EXERCISE INSTRUCTIONS
Would you return the data below exactly as it stands, with every picture left out?

━━ RECORD EXCERPTS

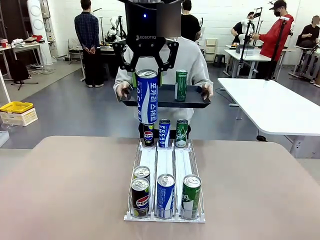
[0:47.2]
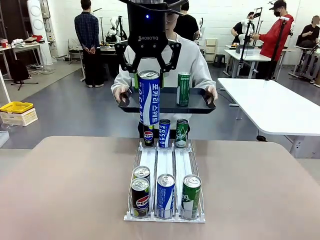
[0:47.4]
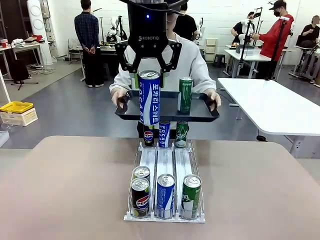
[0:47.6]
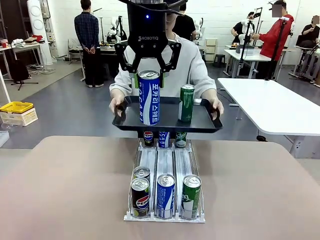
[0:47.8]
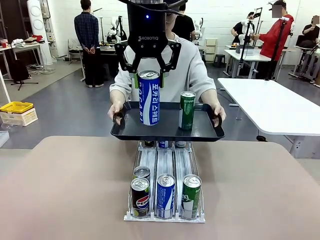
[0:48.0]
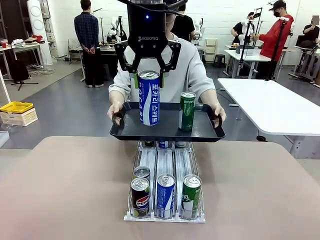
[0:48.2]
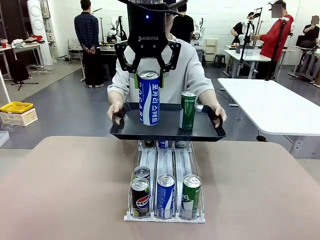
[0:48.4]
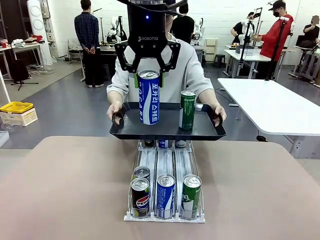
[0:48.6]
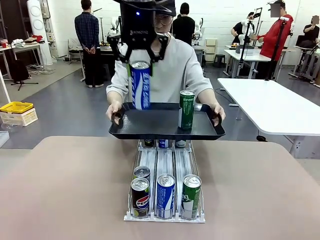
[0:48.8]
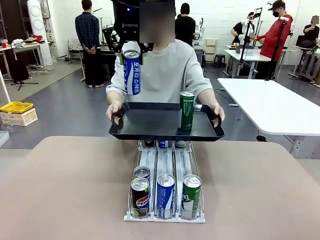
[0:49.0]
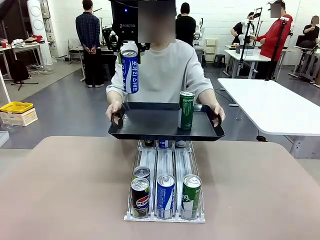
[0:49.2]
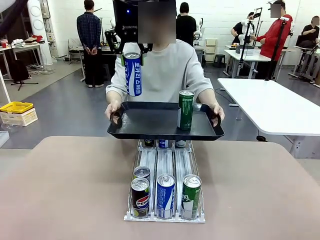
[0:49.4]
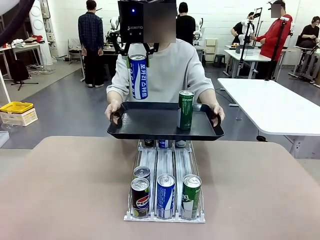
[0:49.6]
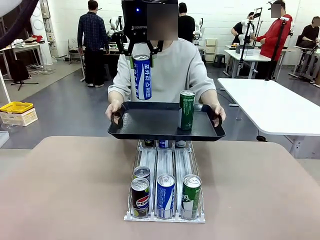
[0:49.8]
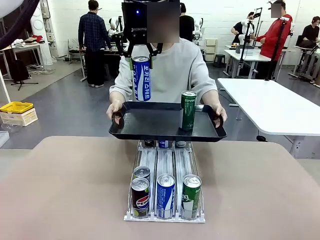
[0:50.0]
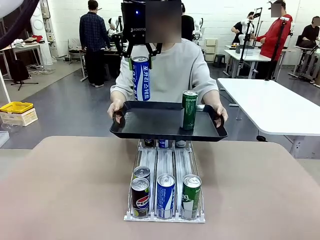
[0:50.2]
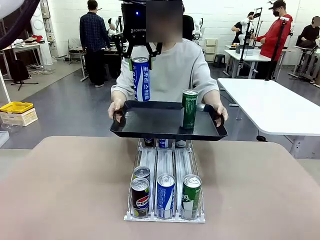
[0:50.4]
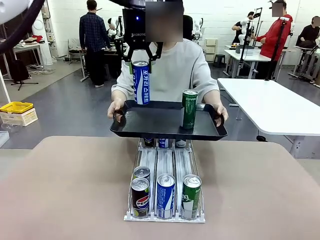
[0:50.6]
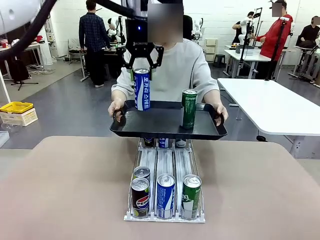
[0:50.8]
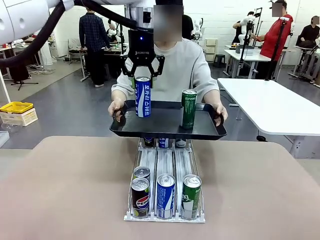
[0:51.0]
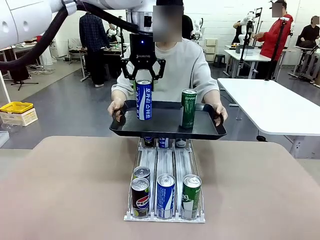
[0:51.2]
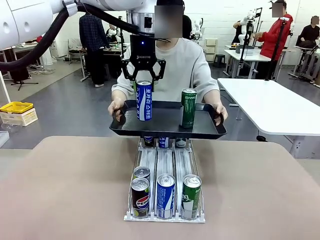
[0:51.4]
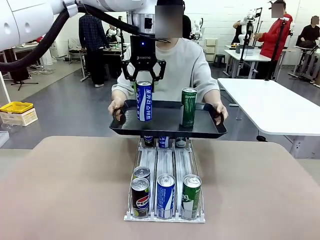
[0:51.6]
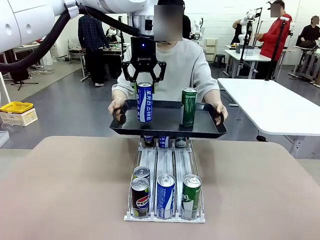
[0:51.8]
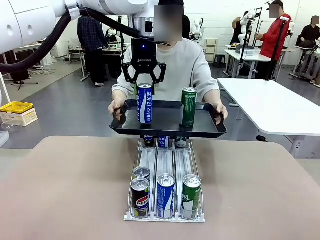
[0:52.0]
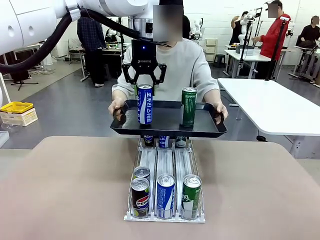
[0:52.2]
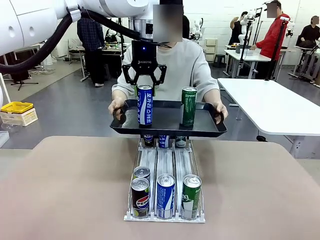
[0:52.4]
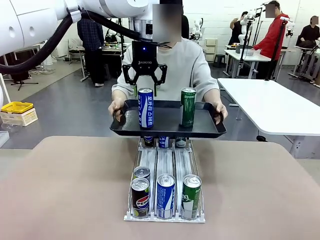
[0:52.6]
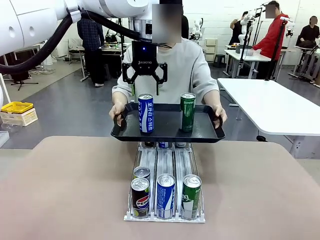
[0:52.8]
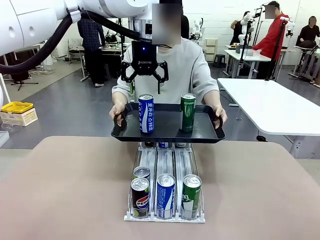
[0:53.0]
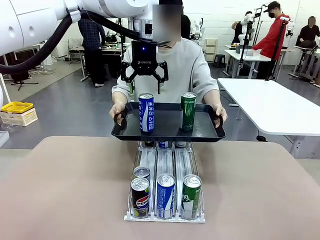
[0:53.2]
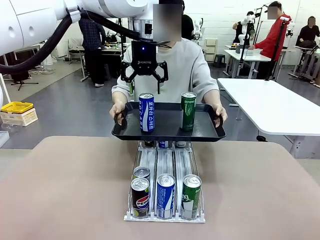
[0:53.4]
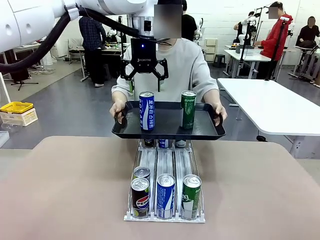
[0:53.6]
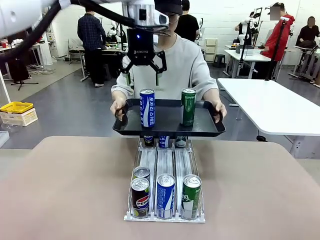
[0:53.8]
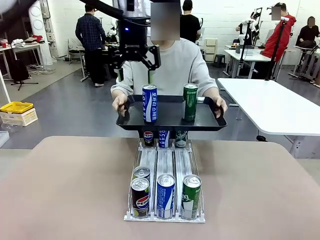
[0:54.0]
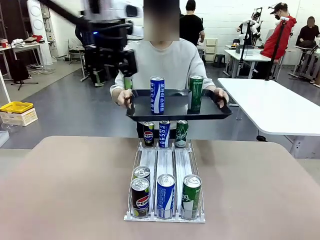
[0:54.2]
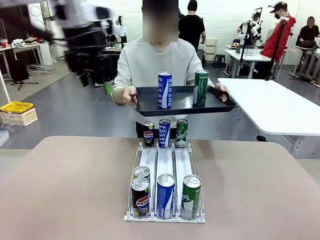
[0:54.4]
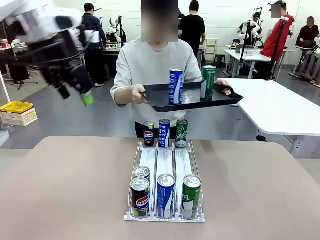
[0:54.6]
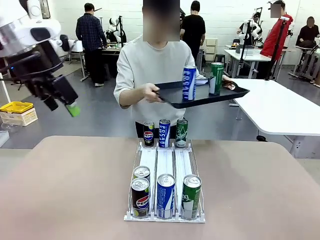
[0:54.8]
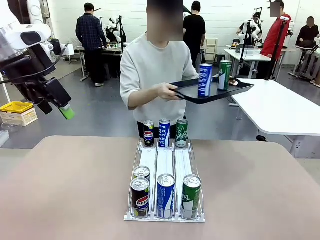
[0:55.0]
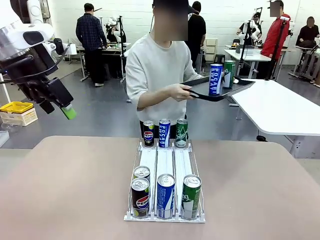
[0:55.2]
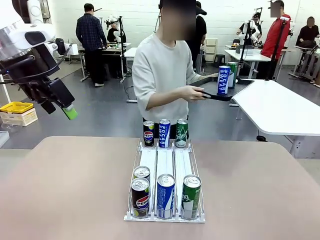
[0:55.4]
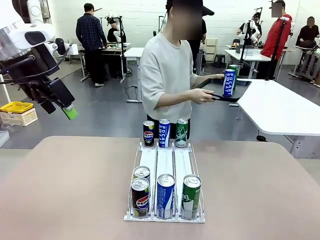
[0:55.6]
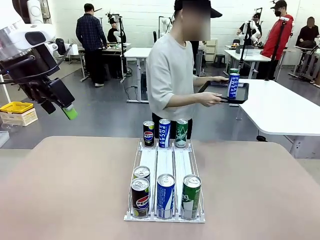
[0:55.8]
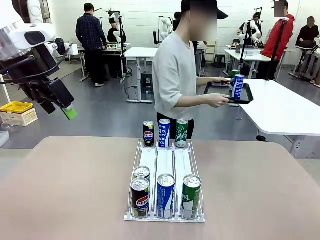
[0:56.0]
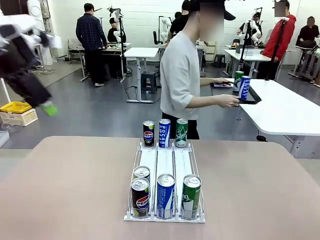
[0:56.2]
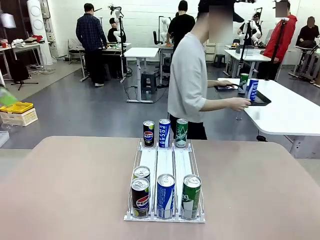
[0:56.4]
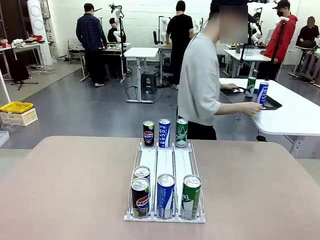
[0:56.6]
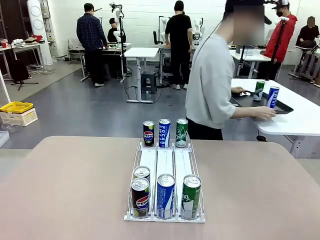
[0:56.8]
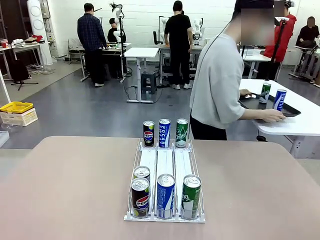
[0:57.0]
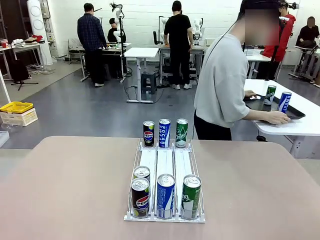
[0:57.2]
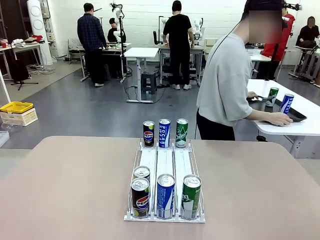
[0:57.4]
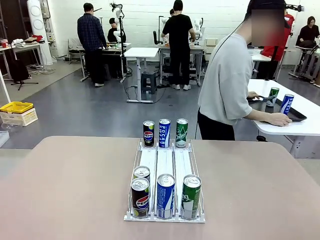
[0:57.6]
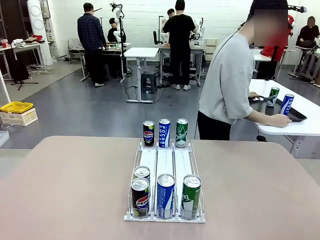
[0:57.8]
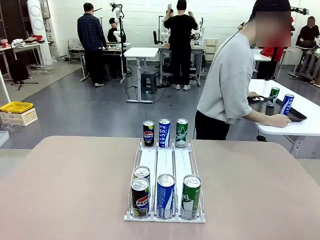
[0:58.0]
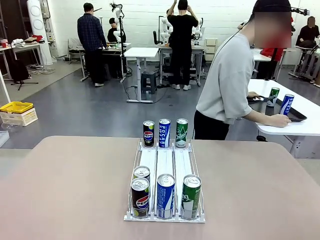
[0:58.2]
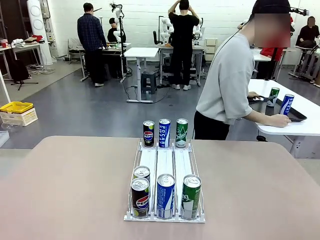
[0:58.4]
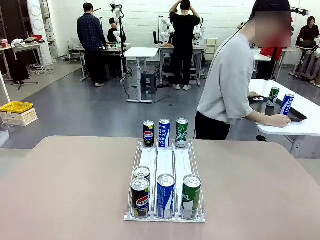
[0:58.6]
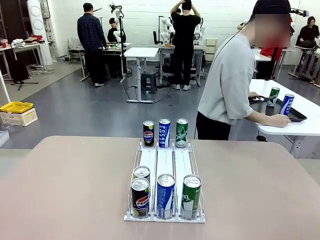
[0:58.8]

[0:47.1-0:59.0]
Task: Retrieve and hand over the desired beverage to the person.
Robot: Place the picked can on the Handle tray extended by the person.
Person: Pull the tray back and place it at the center of the human table.

━━━━

RESULT OF THE TASK
[0:47.2]
[0:47.4]
[0:47.6]
[0:47.8]
[0:48.0]
[0:48.2]
[0:48.4]
[0:48.6]
[0:48.8]
[0:49.0]
[0:49.2]
[0:49.4]
[0:49.6]
[0:49.8]
[0:50.0]
[0:50.2]
[0:50.4]
[0:50.6]
[0:50.8]
[0:51.0]
[0:51.2]
[0:51.4]
[0:51.6]
[0:51.8]
[0:52.0]
[0:52.2]
[0:52.4]
[0:52.6]
[0:52.8]
[0:53.0]
[0:53.2]
[0:53.4]
[0:53.6]
[0:53.8]
[0:54.0]
[0:54.2]
[0:54.4]
[0:54.6]
[0:54.8]
[0:55.0]
[0:55.2]
[0:55.4]
[0:55.6]
[0:55.8]
[0:56.0]
[0:56.2]
[0:56.4]
[0:56.6]
[0:56.8]
[0:57.0]
[0:57.2]
[0:57.4]
[0:57.6]
[0:57.8]
[0:58.0]
[0:58.2]
[0:58.4]
[0:58.6]
[0:58.8]

[0:47.1-0:59.0]
Task: Retrieve and hand over the desired beverage to the person.
Robot: Place the picked can on the Handle tray extended by the person.
Person: Pull the tray back and place it at the center of the human table.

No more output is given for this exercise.